On the other hand testing the following hypothesis yields: \[ \begin{cases} H_0&: \beta_1 = 16 \\ H_1&: \beta_1 < 16 \end{cases} \]
t_stat <- (coef(lm(y ~ x))[2] - 16) / b1se
h1 <- pt(t_stat, df = N - 2, lower = TRUE)
print(paste0("with H1: b1 < 16; p-value = ", h1))
## [1] "with H1: b1 < 16; p-value = 7.36635354565659e-07"
t_stat = (lm_fit.params[1] - 16) / b1se
h1 = stats.t.cdf(x = t_stat, df = N-2)
print("with H1: b1 < 16; p-value = " + str(h1))
## with H1: b1 < 16; p-value = 0.00447744628577782
Because p-value < 0.05
, we reject the null hypothesis that \(\beta_1 = 16\).
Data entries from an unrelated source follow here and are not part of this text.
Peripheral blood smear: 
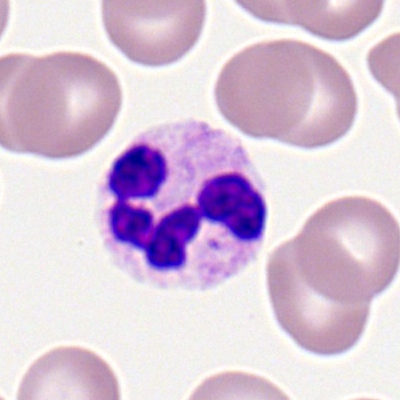Specimen: peripheral blood smear.
Morphological class: neutrophil (segmented).
Lineage: myeloid.
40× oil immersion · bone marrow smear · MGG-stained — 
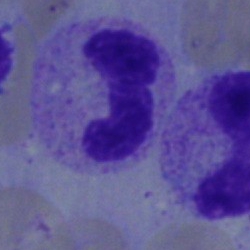Morphology → band neutrophil.
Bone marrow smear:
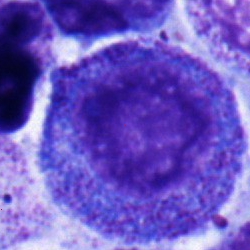 Showing a promyelocyte.
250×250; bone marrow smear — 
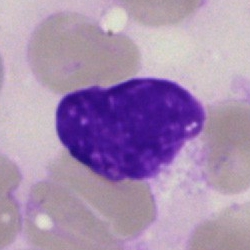An artefact.
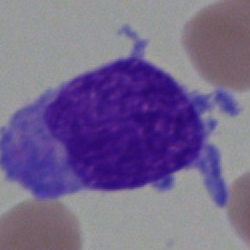
The morphological class is blast.
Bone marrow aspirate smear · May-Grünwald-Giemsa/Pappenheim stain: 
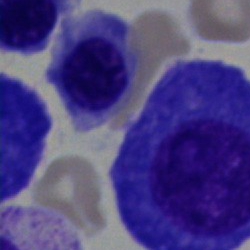

The cell shown is a plasmacyte.
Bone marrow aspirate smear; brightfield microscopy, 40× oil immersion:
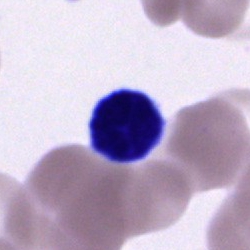

This is an unidentifiable cell.

So, from these hypothesis tests, we could say that \(15 \leq \beta_1 < 16\).
Finally, we will test a number of different hypothesis: \[ \begin{cases} H_0&: \beta_1 = c \\ H_1&: \beta_1 > c \end{cases} \] where \(c = 10,...,20\).
# Calculate the p-values for different one sided tests for H1: b1 > i
for(i in 10:20){
t_stat <- (coef(lm(y ~ x))[2] - i) / b1se
h1 <- pt(t_stat, df = N - 2, lower = FALSE)
print(paste0("H0: b1 = ", i, " against H1: b1 > ", i, "; p-value = ", h1))
}
## [1] "H0: b1 = 10 against H1: b1 > 10; p-value = 3.39526879907719e-38"
## [1] "H0: b1 = 11 against H1: b1 > 11; p-value = 1.48139779974377e-28"
## [1] "H0: b1 = 12 against H1: b1 > 12; p-value = 1.30234384882019e-18"
## [1] "H0: b1 = 13 against H1: b1 > 13; p-value = 2.11519925719585e-09"
## [1] "H0: b1 = 14 against H1: b1 > 14; p-value = 0.00691614697341538"
## [1] "H0: b1 = 15 against H1: b1 > 15; p-value = 0.895840251516577"
## [1] "H0: b1 = 16 against H1: b1 > 16; p-value = 0.999999263364646"
## [1] "H0: b1 = 17 against H1: b1 > 17; p-value = 0.999999999999998"
## [1] "H0: b1 = 18 against H1: b1 > 18; p-value = 1"
## [1] "H0: b1 = 19 against H1: b1 > 19; p-value = 1"
## [1] "H0: b1 = 20 against H1: b1 > 20; p-value = 1"
# Calculate the p-values for different one sided tests for H1: b1 > i
for i in range(10, 21):
t_stat = (lm_fit.params[1] - i) / b1se
h1 = stats.t.sf(x = t_stat, df = N-2)
print("H0: b1 = "+ str(i) +
" against H1: b1 > " + str(i) + "; p-value = " + str(h1))
## H0: b1 = 10 against H1: b1 > 10; p-value = 1.721815270410005e-36
## H0: b1 = 11 against H1: b1 > 11; p-value = 4.2430845441520945e-28
## H0: b1 = 12 against H1: b1 > 12; p-value = 1.716716554084899e-19
## H0: b1 = 13 against H1: b1 > 13; p-value = 2.552032927419394e-11
## H0: b1 = 14 against H1: b1 > 14; p-value = 8.963697889092514e-05
## H0: b1 = 15 against H1: b1 > 15; p-value = 0.2755201077200897
## H0: b1 = 16 against H1: b1 > 16; p-value = 0.9955225537142222
## H0: b1 = 17 against H1: b1 > 17; p-value = 0.9999999878277424
## H0: b1 = 18 against H1: b1 > 18; p-value = 0.9999999999999998
## H0: b1 = 19 against H1: b1 > 19; p-value = 1.0
## H0: b1 = 20 against H1: b1 > 20; p-value = 1.0
This is another example of why we never accept, but rather do not reject the null hypothesis as it not only does not give us a concrete answer (in this case multiple null hypothesis are compatible with our data sample) but also depends on the specification of both the null and the alternative hypothesis.